Patients’ unawareness and excessive trust in their physicians can cause them to meticulously follow the physicians' orders even though the recommended services are unnecessary. Hence, sometimes the patient receives services that may not be sufficiently useful for his disease. Bickerdyke et al. indicate that when decision-making is delegated to physicians by their patients, it may cause SID (
11). On the other hand, SID may give rise to inappropriate resource allocation and, eventually, causes these resources to be consumed for patients who do not actually need them rather than genuinely ill people. The SID can also disrupt the efficient allocation of national resources even if patients themselves pay for the services. Fabbri et al. in 2001 indicated that SID influenced the competitive allocation of services and resources (
37).
Another cause of SID is modernized needs. Today, health needs have undergone many changes compared to the past because of changes in disease patterns, patients' lifestyles, and technology. Fabbri et al. and Lien et al. showed that the epidemiologic changes, development of needs, demographic changes, and a variety of tastes have contributed to SID (
29,
37).
9.1. Conclusions
The results of this study elucidated numerous factors related to the MoHME, universities of Medical Sciences, service providers, and patients to affect the rise of SID in the Iran health system. In this article, it was tried to map all factors affecting SID to provide insight into the current condition of healthcare in Iran. Because of the review was limited to studies published in English and Persian, the results should be used cautiously in terms of generalizability to other countries. One of the strengths of this study was its comprehensiveness and systematic approach to searching medical databases.
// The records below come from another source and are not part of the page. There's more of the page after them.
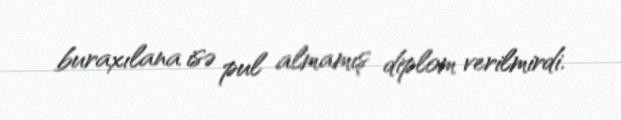
buraxılana isə pul almamış diplom verilmirdi.
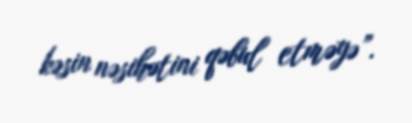
kəsin nəsihətini qəbul etməyə”.
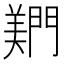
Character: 𬮎
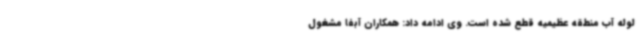
لوله آب منطقه عظیمیه قطع شده است. وی ادامه داد: همکاران آبفا مشغول
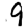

The SID can cause unpleasant challenges for the health system, leading to reduced efficiency, inappropriate allocation of resources, and disrupted positioning of treatment and medicine. On the other hand, insurance companies have to suffer increased unnecessary expenses because of SID, eventually leading to their debt and liability. The patient also suffers the complications of SID, which can lead to social, economic, and other challenges. These factors should be addressed with targeted strategies to improve the health system. Therefore, health managers and policymakers need to design appropriate strategies such as adopting an evidence-based approach to purchasing services by the insurer and approval of standards, rules, and clinical guidance to reduce such SID.